Sementara saya lagi beredar, kompi jatah saya udah tersedia di ruangan … surpriseeeeee … wiiihhh seneng bangeeettt … ku peluk … ku cium diaaa .. kangeeeenn bangeeett ma kompiiii … *lebay.com*. Walopun blom sesuai dengan janji yang katanya sih mo dikasih kompi baru dengan spesifikasi yang lebih oke, hardisk lebih gede, dengan processor yang lebih canggih (Pa Ago sempet nyebut nama processornya, tapi kok ya lupa lagi, asyik banget dikuping nama tu processor, pokoknya namanya ada lekor-lekornya, n itu lebih tinggi dari pada pentium IV lah … hehhee)
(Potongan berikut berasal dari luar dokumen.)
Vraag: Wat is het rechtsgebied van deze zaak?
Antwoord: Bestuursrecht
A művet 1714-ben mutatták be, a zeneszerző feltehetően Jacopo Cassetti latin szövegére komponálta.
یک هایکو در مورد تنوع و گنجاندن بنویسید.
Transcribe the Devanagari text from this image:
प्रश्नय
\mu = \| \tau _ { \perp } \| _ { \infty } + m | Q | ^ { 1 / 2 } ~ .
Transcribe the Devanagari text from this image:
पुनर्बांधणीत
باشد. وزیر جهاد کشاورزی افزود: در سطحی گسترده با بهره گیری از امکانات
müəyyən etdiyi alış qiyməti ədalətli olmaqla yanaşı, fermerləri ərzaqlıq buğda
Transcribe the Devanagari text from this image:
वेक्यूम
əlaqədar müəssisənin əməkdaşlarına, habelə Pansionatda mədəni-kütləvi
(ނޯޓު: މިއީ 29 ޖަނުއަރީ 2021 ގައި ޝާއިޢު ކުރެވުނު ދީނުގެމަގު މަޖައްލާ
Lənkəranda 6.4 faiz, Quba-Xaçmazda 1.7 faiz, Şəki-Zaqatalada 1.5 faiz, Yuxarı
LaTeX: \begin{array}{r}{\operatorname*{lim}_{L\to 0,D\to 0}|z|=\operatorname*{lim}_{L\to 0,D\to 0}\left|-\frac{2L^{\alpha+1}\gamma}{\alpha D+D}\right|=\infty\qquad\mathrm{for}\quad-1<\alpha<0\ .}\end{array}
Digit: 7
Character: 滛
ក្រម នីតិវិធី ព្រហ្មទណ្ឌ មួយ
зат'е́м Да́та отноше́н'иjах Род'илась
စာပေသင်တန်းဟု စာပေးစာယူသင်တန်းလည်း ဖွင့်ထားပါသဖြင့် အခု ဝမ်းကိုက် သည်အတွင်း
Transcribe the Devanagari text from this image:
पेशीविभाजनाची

Begitu tuh kompi masuk… dia langsung menjajah setengah ruangan, mpe ga bisa selonjoran kita … padahal ruangan ini dihuni oleh tiga orang, ini baru masuk tiga orang plus 1 kompi aja udah sesek … belom barang-barang yang laennya …. huuuuffffff … Jadi bu Mety mengusulkan, bikin giliran ga masuk aja, hari ini Bu Sari yang ga masuk, besok Bu Mety, lusa saya dan begitu selanjutnya … hehehe … usul gila yang patut dipertimbangkan …
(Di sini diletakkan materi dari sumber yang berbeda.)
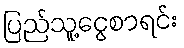
ပြည်သူ့ငွေစာရင်း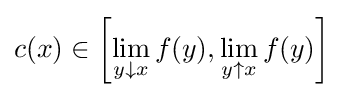
c(x)\in \left[\lim _{y\downarrow x}f(y),\lim _{y\uparrow x}f(y)\right]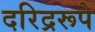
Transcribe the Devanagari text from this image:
दरिद्ररूपे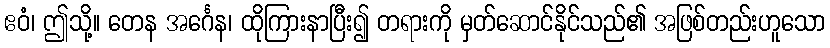
ဧဝံ၊ ဤသို့။ တေန အင်္ဂေန၊ ထိုကြားနာပြီး၍ တရားကို မှတ်ဆောင်နိုင်သည်၏ အဖြစ်တည်းဟူသော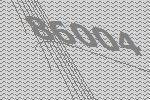
86004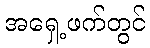
အရှေ့ဖက်တွင်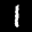
Label: 1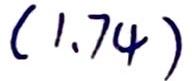
$(1.74)$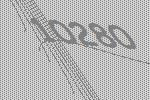
10280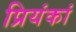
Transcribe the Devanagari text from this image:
प्रियंकां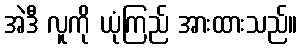
အဲဒီ လူကို ယုံကြည် အားထားသည်။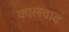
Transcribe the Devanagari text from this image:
कालवाद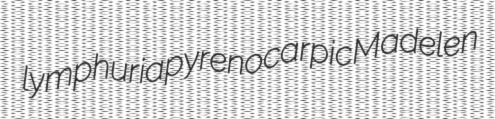
lymphuria pyrenocarpic Madelen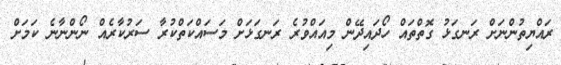
ރައްޔިތުންނަށް ރަނގަޅު ގޮތްތައް ހޯދައިދޭން މިއައްވުރެ ރަނގަޅަށް މަސައްކަތްކުރާ ސަރުކާރެއް ނޯންނާނެ ކަމަށް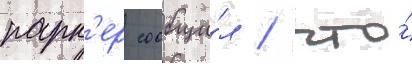
парк'ер сообщи́л / что́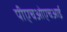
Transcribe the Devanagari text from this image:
पीएचओएचआई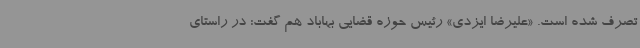
تصرف شده است. «علیرضا ایزدی» رئیس حوزه قضایی بهاباد هم گفت: در راستای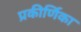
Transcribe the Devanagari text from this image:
प्रकीर्णिका

Oh ya … hari ini saya mulai mengajar nih di dua kelas pararel, kelas IV Ibnu Abbas dan Ibnu Sina. Tapi ada yang aneh ketika aku berjalan menuju kelas, tiba-tiba aku dihinggapi kebingungan mendadak … dimanakah letak kelas-kelas ituh??? Hadooohhh … aku tidak mengenali lagi selasar-selasar inih, tidak mengenali lagi kelas-kelas inih, tidak mengenali lagi murid-murid inih … lebaaiiiiiii … hehehe … maklum tahun ajaran baru, ada perubahan letak kelas dan rotasi murid serta guru … setelah beberapa kali salah masuk kelas, akhirnya ketemu juga kelas yang dimaksud.

Berhubung lab komputernya belum siap pakai, maka terpaksa aku harus masuk kelas … bercuap-cuap sedikit … kemudian … kasih tugas, tugasnya adalah … menuliskan catatan harian, cerdas bukan buatan … ternyata kekederan di jalan tadi masih juga menyelubungiku … karenanya aku tidak bisa membedakan antara pelajaran TIK dengan Bahasa Indonesia … ckckckcck. Dan diantara catatan-catatan itu aku menemukan kalimat ini :

Selasa, 21 Juli 2009

Hari ini aku senang, aku belajar yang sangat banyak. Jam ini aku belajar TIK sama Bu Siska yang orangnya tegas. Tapi tegas itu untuk mendidik anak muridnya loh …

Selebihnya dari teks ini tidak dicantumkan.